What this task involves: Reproduce each entry below in full, exactly as it was given.

Dataset records:
____________

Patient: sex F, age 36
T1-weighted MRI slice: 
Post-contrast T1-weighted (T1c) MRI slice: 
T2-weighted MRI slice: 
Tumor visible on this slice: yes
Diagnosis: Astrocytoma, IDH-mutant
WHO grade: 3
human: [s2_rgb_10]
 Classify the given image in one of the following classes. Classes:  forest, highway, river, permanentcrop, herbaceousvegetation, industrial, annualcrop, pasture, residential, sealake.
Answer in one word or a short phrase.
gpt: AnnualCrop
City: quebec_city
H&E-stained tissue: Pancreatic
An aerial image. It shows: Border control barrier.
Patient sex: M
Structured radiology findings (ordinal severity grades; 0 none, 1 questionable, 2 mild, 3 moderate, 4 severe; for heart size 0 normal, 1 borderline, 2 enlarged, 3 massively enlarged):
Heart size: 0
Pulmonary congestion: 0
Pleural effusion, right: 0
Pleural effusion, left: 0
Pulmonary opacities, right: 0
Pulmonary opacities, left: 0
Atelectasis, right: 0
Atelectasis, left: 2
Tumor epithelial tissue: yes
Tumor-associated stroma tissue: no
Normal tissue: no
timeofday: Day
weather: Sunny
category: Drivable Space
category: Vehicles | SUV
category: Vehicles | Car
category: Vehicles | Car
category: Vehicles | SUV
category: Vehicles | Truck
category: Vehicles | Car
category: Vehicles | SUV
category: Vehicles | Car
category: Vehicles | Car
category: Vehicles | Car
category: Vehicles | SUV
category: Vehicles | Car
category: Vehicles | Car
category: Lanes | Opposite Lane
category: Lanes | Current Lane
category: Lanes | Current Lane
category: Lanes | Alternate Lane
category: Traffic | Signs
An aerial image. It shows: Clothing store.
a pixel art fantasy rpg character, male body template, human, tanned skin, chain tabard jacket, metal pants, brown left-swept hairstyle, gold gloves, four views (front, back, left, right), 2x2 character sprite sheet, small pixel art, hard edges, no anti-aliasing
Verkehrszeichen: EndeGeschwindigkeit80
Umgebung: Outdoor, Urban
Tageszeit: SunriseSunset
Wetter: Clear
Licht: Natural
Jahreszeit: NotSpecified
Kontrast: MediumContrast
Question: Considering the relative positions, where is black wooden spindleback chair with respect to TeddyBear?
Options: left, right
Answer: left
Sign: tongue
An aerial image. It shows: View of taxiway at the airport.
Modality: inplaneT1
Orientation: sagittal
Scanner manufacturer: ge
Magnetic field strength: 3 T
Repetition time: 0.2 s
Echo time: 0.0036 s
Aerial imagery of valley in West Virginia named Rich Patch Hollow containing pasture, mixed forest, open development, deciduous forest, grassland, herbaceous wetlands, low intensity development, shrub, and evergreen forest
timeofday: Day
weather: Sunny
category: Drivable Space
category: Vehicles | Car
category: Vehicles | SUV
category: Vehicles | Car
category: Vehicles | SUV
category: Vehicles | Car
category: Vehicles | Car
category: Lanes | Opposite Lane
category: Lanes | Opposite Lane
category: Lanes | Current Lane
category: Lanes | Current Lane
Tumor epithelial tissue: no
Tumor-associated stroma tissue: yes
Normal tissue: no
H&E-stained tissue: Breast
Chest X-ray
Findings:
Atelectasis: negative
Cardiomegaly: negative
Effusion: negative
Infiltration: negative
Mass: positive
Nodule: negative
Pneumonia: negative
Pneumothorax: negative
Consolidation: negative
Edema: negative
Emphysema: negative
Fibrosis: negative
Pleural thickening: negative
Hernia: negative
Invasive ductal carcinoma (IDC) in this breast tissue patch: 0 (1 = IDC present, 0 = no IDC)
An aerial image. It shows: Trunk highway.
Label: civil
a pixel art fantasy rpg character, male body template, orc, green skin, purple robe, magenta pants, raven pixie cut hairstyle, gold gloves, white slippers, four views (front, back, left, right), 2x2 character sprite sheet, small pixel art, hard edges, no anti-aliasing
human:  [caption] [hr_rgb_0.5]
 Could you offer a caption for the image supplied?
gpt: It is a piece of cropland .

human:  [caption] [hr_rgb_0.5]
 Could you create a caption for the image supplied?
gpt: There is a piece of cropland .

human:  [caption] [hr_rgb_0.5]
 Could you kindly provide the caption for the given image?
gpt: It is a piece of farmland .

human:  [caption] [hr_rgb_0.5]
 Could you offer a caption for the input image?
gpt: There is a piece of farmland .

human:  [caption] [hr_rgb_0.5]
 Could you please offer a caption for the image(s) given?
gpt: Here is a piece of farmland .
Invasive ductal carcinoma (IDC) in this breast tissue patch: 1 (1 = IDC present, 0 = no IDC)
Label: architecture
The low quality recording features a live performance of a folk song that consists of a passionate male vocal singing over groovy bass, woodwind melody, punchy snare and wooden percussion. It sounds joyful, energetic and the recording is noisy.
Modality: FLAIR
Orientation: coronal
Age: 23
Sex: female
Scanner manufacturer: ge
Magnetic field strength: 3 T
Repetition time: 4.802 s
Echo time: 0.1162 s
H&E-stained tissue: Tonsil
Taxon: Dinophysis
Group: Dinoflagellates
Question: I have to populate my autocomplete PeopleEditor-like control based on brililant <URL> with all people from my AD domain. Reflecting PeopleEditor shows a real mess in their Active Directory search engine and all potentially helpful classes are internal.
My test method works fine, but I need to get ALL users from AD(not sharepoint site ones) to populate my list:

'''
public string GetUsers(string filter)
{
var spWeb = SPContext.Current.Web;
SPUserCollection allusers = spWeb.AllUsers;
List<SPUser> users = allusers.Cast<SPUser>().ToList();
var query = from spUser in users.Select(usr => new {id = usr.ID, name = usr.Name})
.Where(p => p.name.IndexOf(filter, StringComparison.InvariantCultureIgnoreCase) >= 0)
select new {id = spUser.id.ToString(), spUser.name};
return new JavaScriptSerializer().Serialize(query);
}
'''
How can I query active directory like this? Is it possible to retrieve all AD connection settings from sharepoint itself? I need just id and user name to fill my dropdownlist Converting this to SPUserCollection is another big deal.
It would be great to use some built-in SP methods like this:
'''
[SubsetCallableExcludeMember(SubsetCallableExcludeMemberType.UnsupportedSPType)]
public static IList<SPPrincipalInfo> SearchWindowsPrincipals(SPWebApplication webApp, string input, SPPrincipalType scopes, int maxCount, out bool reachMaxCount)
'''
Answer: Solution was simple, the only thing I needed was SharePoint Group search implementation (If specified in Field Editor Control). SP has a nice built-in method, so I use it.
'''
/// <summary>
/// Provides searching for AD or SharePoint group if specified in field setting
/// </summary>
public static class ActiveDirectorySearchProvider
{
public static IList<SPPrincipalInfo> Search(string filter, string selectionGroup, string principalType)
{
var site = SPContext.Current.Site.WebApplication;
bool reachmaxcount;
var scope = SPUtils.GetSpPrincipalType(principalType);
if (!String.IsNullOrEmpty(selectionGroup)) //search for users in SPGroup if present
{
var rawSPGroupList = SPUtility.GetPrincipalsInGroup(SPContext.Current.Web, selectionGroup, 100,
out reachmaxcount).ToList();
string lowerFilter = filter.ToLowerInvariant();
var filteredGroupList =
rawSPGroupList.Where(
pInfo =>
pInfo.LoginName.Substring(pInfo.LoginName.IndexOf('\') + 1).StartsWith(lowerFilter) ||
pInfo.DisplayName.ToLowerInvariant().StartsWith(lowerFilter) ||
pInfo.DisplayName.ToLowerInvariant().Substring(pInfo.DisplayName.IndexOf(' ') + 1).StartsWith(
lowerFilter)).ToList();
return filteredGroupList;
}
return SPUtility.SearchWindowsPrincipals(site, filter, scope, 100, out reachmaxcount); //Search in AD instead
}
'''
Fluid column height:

____________

Exercise output:
Patient: sex F, age 36
T1-weighted MRI slice: 
Post-contrast T1-weighted (T1c) MRI slice: 
T2-weighted MRI slice: 
Tumor visible on this slice: yes
Diagnosis: Astrocytoma, IDH-mutant
WHO grade: 3
human: [s2_rgb_10]
 Classify the given image in one of the following classes. Classes:  forest, highway, river, permanentcrop, herbaceousvegetation, industrial, annualcrop, pasture, residential, sealake.
Answer in one word or a short phrase.
gpt: AnnualCrop
City: quebec_city
H&E-stained tissue: Pancreatic
An aerial image. It shows: Border control barrier.
Patient sex: M
Structured radiology findings (ordinal severity grades; 0 none, 1 questionable, 2 mild, 3 moderate, 4 severe; for heart size 0 normal, 1 borderline, 2 enlarged, 3 massively enlarged):
Heart size: 0
Pulmonary congestion: 0
Pleural effusion, right: 0
Pleural effusion, left: 0
Pulmonary opacities, right: 0
Pulmonary opacities, left: 0
Atelectasis, right: 0
Atelectasis, left: 2
Tumor epithelial tissue: yes
Tumor-associated stroma tissue: no
Normal tissue: no
timeofday: Day
weather: Sunny
category: Drivable Space
category: Vehicles | SUV
category: Vehicles | Car
category: Vehicles | Car
category: Vehicles | SUV
category: Vehicles | Truck
category: Vehicles | Car
category: Vehicles | SUV
category: Vehicles | Car
category: Vehicles | Car
category: Vehicles | Car
category: Vehicles | SUV
category: Vehicles | Car
category: Vehicles | Car
category: Lanes | Opposite Lane
category: Lanes | Current Lane
category: Lanes | Current Lane
category: Lanes | Alternate Lane
category: Traffic | Signs
An aerial image. It shows: Clothing store.
a pixel art fantasy rpg character, male body template, human, tanned skin, chain tabard jacket, metal pants, brown left-swept hairstyle, gold gloves, four views (front, back, left, right), 2x2 character sprite sheet, small pixel art, hard edges, no anti-aliasing
Verkehrszeichen: EndeGeschwindigkeit80
Umgebung: Outdoor, Urban
Tageszeit: SunriseSunset
Wetter: Clear
Licht: Natural
Jahreszeit: NotSpecified
Kontrast: MediumContrast
Question: Considering the relative positions, where is black wooden spindleback chair with respect to TeddyBear?
Options: left, right
Answer: left
Sign: tongue
An aerial image. It shows: View of taxiway at the airport.
Modality: inplaneT1
Orientation: sagittal
Scanner manufacturer: ge
Magnetic field strength: 3 T
Repetition time: 0.2 s
Echo time: 0.0036 s
Aerial imagery of valley in West Virginia named Rich Patch Hollow containing pasture, mixed forest, open development, deciduous forest, grassland, herbaceous wetlands, low intensity development, shrub, and evergreen forest
timeofday: Day
weather: Sunny
category: Drivable Space
category: Vehicles | Car
category: Vehicles | SUV
category: Vehicles | Car
category: Vehicles | SUV
category: Vehicles | Car
category: Vehicles | Car
category: Lanes | Opposite Lane
category: Lanes | Opposite Lane
category: Lanes | Current Lane
category: Lanes | Current Lane
Tumor epithelial tissue: no
Tumor-associated stroma tissue: yes
Normal tissue: no
H&E-stained tissue: Breast
Chest X-ray
Findings:
Atelectasis: negative
Cardiomegaly: negative
Effusion: negative
Infiltration: negative
Mass: positive
Nodule: negative
Pneumonia: negative
Pneumothorax: negative
Consolidation: negative
Edema: negative
Emphysema: negative
Fibrosis: negative
Pleural thickening: negative
Hernia: negative
Invasive ductal carcinoma (IDC) in this breast tissue patch: 0 (1 = IDC present, 0 = no IDC)
An aerial image. It shows: Trunk highway.
Label: civil
a pixel art fantasy rpg character, male body template, orc, green skin, purple robe, magenta pants, raven pixie cut hairstyle, gold gloves, white slippers, four views (front, back, left, right), 2x2 character sprite sheet, small pixel art, hard edges, no anti-aliasing
human:  [caption] [hr_rgb_0.5]
 Could you offer a caption for the image supplied?
gpt: It is a piece of cropland .

human:  [caption] [hr_rgb_0.5]
 Could you create a caption for the image supplied?
gpt: There is a piece of cropland .

human:  [caption] [hr_rgb_0.5]
 Could you kindly provide the caption for the given image?
gpt: It is a piece of farmland .

human:  [caption] [hr_rgb_0.5]
 Could you offer a caption for the input image?
gpt: There is a piece of farmland .

human:  [caption] [hr_rgb_0.5]
 Could you please offer a caption for the image(s) given?
gpt: Here is a piece of farmland .
Invasive ductal carcinoma (IDC) in this breast tissue patch: 1 (1 = IDC present, 0 = no IDC)
Label: architecture
The low quality recording features a live performance of a folk song that consists of a passionate male vocal singing over groovy bass, woodwind melody, punchy snare and wooden percussion. It sounds joyful, energetic and the recording is noisy.
Modality: FLAIR
Orientation: coronal
Age: 23
Sex: female
Scanner manufacturer: ge
Magnetic field strength: 3 T
Repetition time: 4.802 s
Echo time: 0.1162 s
H&E-stained tissue: Tonsil
Taxon: Dinophysis
Group: Dinoflagellates
Question: I have to populate my autocomplete PeopleEditor-like control based on brililant <URL> with all people from my AD domain. Reflecting PeopleEditor shows a real mess in their Active Directory search engine and all potentially helpful classes are internal.
My test method works fine, but I need to get ALL users from AD(not sharepoint site ones) to populate my list:

'''
public string GetUsers(string filter)
{
var spWeb = SPContext.Current.Web;
SPUserCollection allusers = spWeb.AllUsers;
List<SPUser> users = allusers.Cast<SPUser>().ToList();
var query = from spUser in users.Select(usr => new {id = usr.ID, name = usr.Name})
.Where(p => p.name.IndexOf(filter, StringComparison.InvariantCultureIgnoreCase) >= 0)
select new {id = spUser.id.ToString(), spUser.name};
return new JavaScriptSerializer().Serialize(query);
}
'''
How can I query active directory like this? Is it possible to retrieve all AD connection settings from sharepoint itself? I need just id and user name to fill my dropdownlist Converting this to SPUserCollection is another big deal.
It would be great to use some built-in SP methods like this:
'''
[SubsetCallableExcludeMember(SubsetCallableExcludeMemberType.UnsupportedSPType)]
public static IList<SPPrincipalInfo> SearchWindowsPrincipals(SPWebApplication webApp, string input, SPPrincipalType scopes, int maxCount, out bool reachMaxCount)
'''
Answer: Solution was simple, the only thing I needed was SharePoint Group search implementation (If specified in Field Editor Control). SP has a nice built-in method, so I use it.
'''
/// <summary>
/// Provides searching for AD or SharePoint group if specified in field setting
/// </summary>
public static class ActiveDirectorySearchProvider
{
public static IList<SPPrincipalInfo> Search(string filter, string selectionGroup, string principalType)
{
var site = SPContext.Current.Site.WebApplication;
bool reachmaxcount;
var scope = SPUtils.GetSpPrincipalType(principalType);
if (!String.IsNullOrEmpty(selectionGroup)) //search for users in SPGroup if present
{
var rawSPGroupList = SPUtility.GetPrincipalsInGroup(SPContext.Current.Web, selectionGroup, 100,
out reachmaxcount).ToList();
string lowerFilter = filter.ToLowerInvariant();
var filteredGroupList =
rawSPGroupList.Where(
pInfo =>
pInfo.LoginName.Substring(pInfo.LoginName.IndexOf('\') + 1).StartsWith(lowerFilter) ||
pInfo.DisplayName.ToLowerInvariant().StartsWith(lowerFilter) ||
pInfo.DisplayName.ToLowerInvariant().Substring(pInfo.DisplayName.IndexOf(' ') + 1).StartsWith(
lowerFilter)).ToList();
return filteredGroupList;
}
return SPUtility.SearchWindowsPrincipals(site, filter, scope, 100, out reachmaxcount); //Search in AD instead
}
'''
Fluid column height:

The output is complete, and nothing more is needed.